В первую очередь «болтайки» рассказывают историю взгляда, подсматривающего реальность в ее непосредственности. Для понимания этого взгляда были бы в равной степени неуместны сопоставления и с разошедшимся на цитаты урбанизмом по Беньямину, и с вуайеризмом как отпечатком бессознательного в интерпретации Р. Краусс, прослеживающей традицию сюрреалистской фотографии от «Происхождения мира» Курбе через «Дано» Дюшана[24]. Авангардистская критика изобразительности осталась вне поля зрения «арефьевцев», как и психология бессознательного. Они предпочитали позднеромантические «видения», и даже прогулки Блока, искавшего мистический визионерский опыт на окраинах Петербурга, совпадали с блужданиями «арефьевцев» разве что территориально. Писатель Наль Подольский, составитель первого изданного в России сборника Мандельштама «Алый трамвай», в своем романе, посвященном поэту и носящем то же название, что и его стихотворение, «Замерзшие корабли», нарисовал нечто наподобие позднесоветской неоромантической фантасмагории.
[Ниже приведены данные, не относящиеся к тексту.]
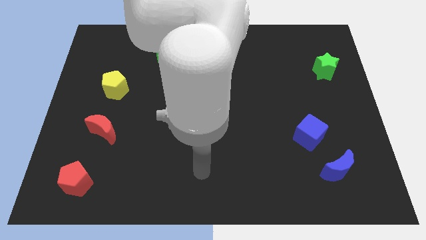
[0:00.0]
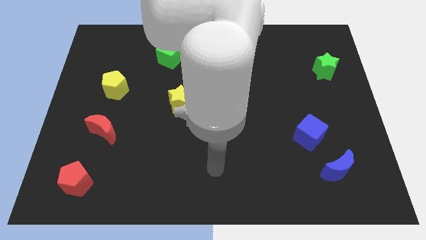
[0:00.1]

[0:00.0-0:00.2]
move the blue moon away from the blue cube

В заброшенном «петербургском» доме живет колдун-гипнотизер, поэт влюбляется в таинственную незнакомку, которая связана с гипнотизером, и т. д.[25] В реальности Мандельштам мог отличаться от своего литературного двойника — например, в отличие от героя «Замерзших кораблей» и многих «семидесятников» он не работал в котельной. Тем не менее характерно, что его фигура была воспринята активистами «Клуба-81» (объединявшего писателей и художников ленинградского андеграунда 1980-х годов, многие из которых участвовали в первом официальном издании неофициального сообщества — сборнике «Круг») как персонаж фантастической сказки. В романе Н. Подольского подчеркнуто, что Мандельштам, как, возможно, и «Болтайка» в целом, отдавал предпочтение романтической и позднеромантической фантазии перед символистской визионерской мистикой.